## [Required work]
Type the records that follow again exactly as written, but drop the pictures.

## [Data for analysis]

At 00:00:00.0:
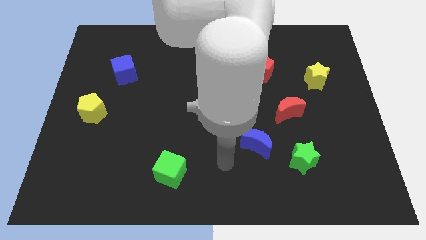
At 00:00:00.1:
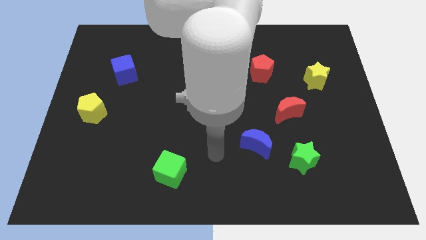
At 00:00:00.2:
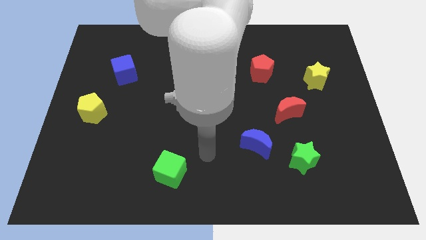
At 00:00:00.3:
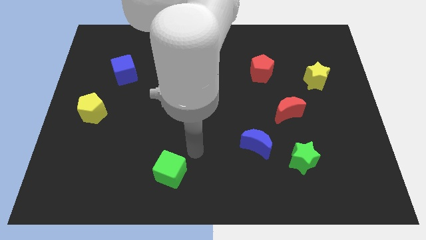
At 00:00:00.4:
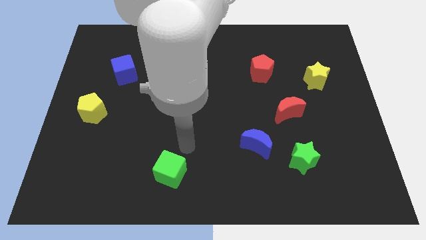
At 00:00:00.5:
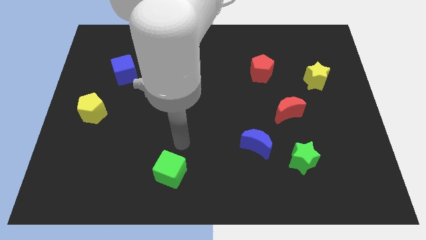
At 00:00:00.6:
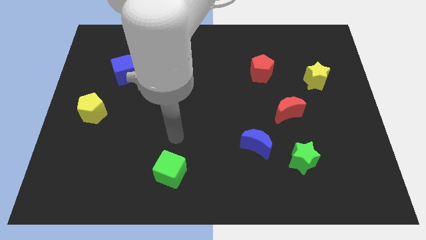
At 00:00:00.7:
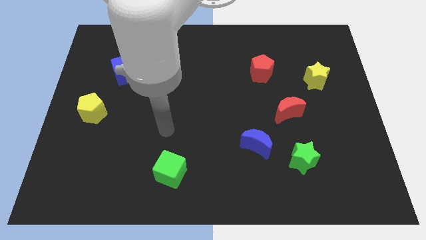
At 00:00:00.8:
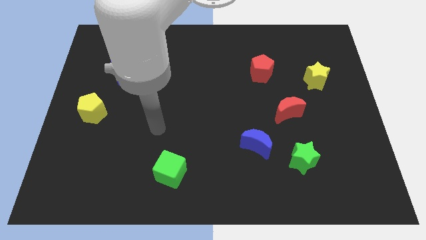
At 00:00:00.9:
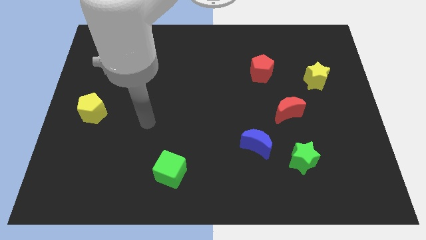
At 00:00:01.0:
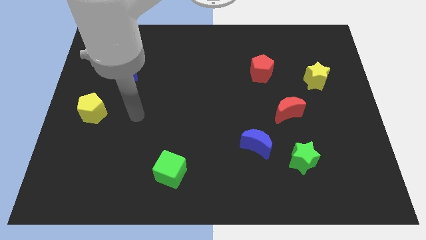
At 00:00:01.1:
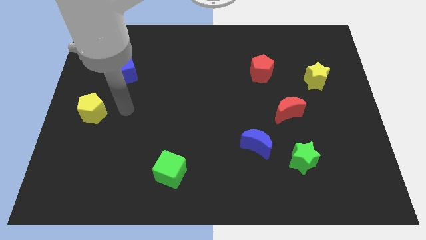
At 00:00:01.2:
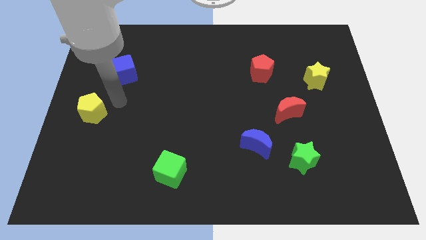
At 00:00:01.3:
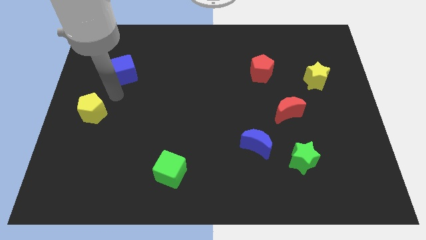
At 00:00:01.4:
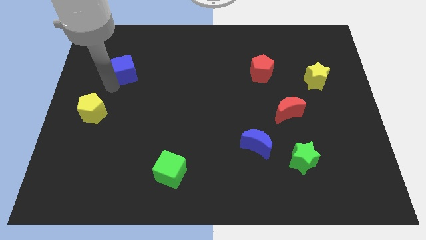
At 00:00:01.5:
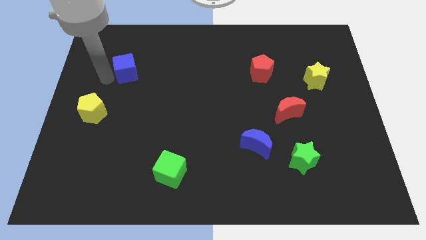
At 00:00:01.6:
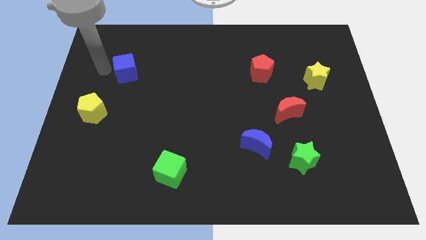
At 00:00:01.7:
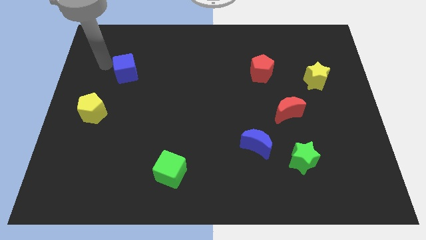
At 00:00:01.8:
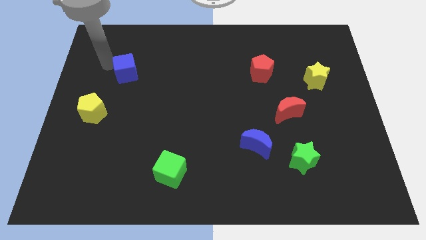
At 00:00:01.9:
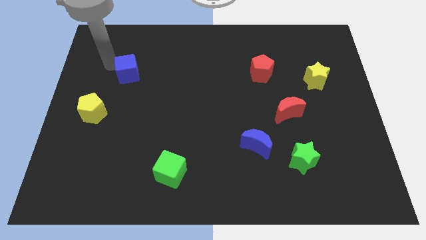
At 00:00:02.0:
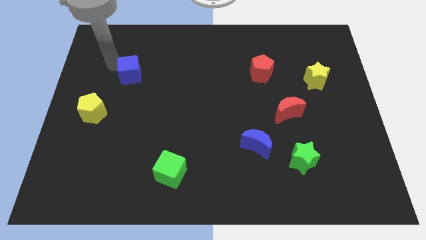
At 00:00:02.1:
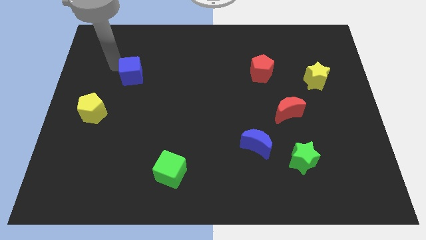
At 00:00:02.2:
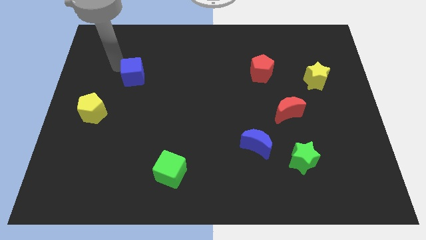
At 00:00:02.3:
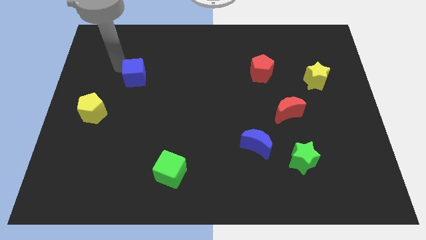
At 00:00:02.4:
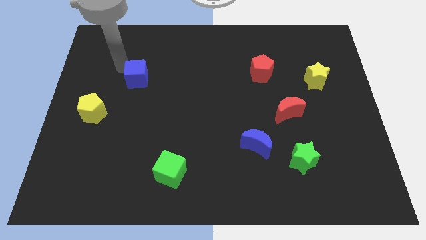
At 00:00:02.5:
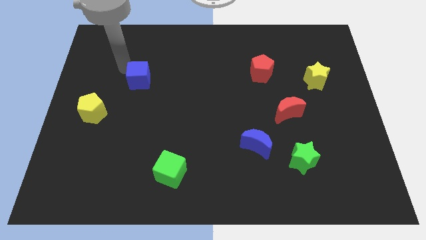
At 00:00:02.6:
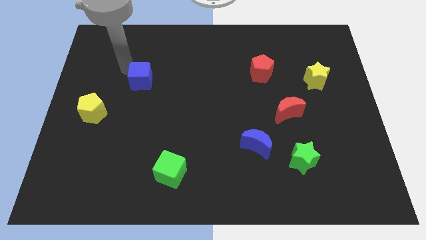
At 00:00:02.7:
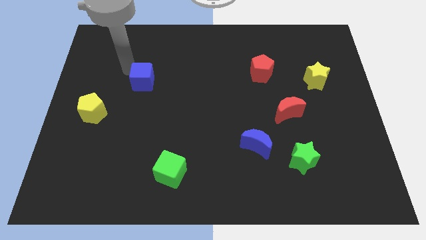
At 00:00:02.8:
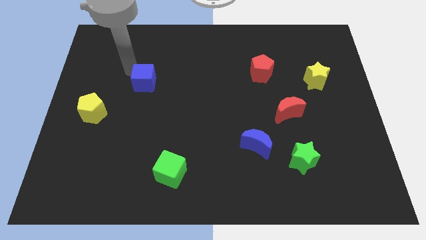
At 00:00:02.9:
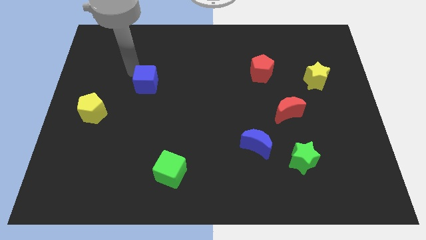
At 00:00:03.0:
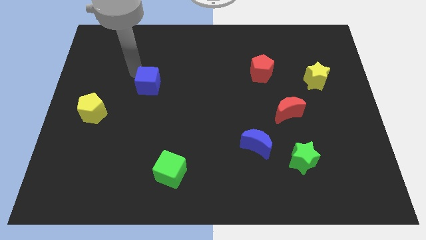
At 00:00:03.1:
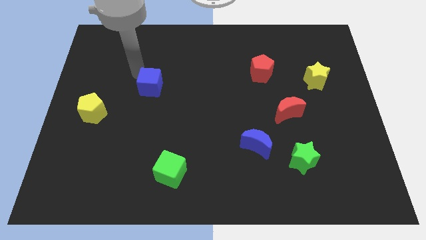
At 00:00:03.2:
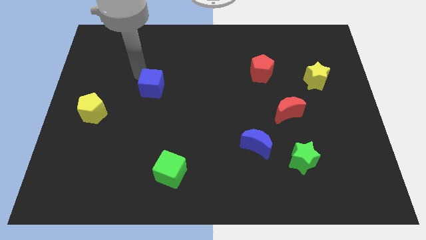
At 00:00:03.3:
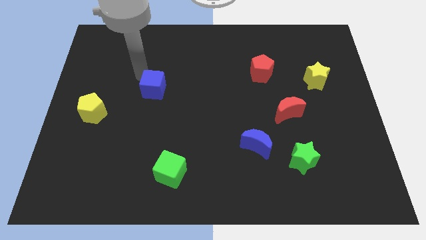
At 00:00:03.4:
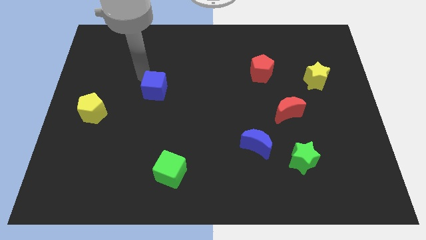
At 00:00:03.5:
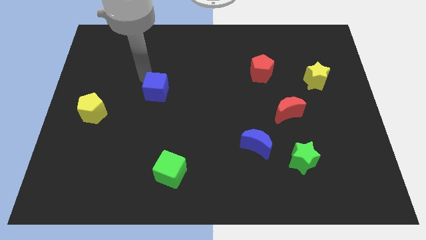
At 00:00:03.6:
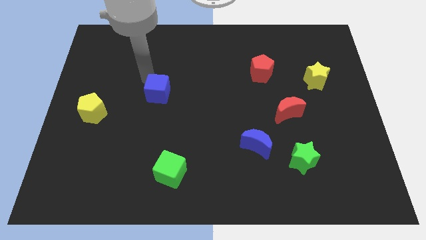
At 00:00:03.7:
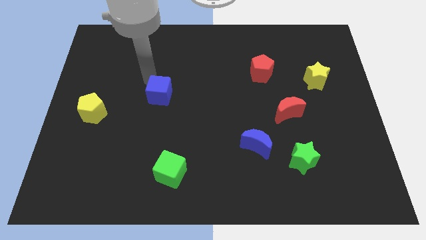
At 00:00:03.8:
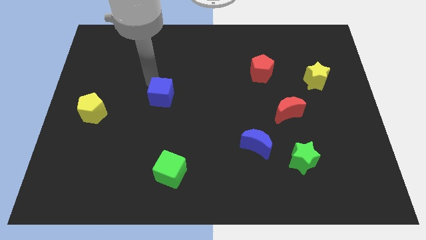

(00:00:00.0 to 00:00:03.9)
move the blue cube to the center of the board

## [Task output]
At 00:00:00.0:
At 00:00:00.1:
At 00:00:00.2:
At 00:00:00.3:
At 00:00:00.4:
At 00:00:00.5:
At 00:00:00.6:
At 00:00:00.7:
At 00:00:00.8:
At 00:00:00.9:
At 00:00:01.0:
At 00:00:01.1:
At 00:00:01.2:
At 00:00:01.3:
At 00:00:01.4:
At 00:00:01.5:
At 00:00:01.6:
At 00:00:01.7:
At 00:00:01.8:
At 00:00:01.9:
At 00:00:02.0:
At 00:00:02.1:
At 00:00:02.2:
At 00:00:02.3:
At 00:00:02.4:
At 00:00:02.5:
At 00:00:02.6:
At 00:00:02.7:
At 00:00:02.8:
At 00:00:02.9:
At 00:00:03.0:
At 00:00:03.1:
At 00:00:03.2:
At 00:00:03.3:
At 00:00:03.4:
At 00:00:03.5:
At 00:00:03.6:
At 00:00:03.7:
At 00:00:03.8:

(00:00:00.0 to 00:00:03.9)
move the blue cube to the center of the board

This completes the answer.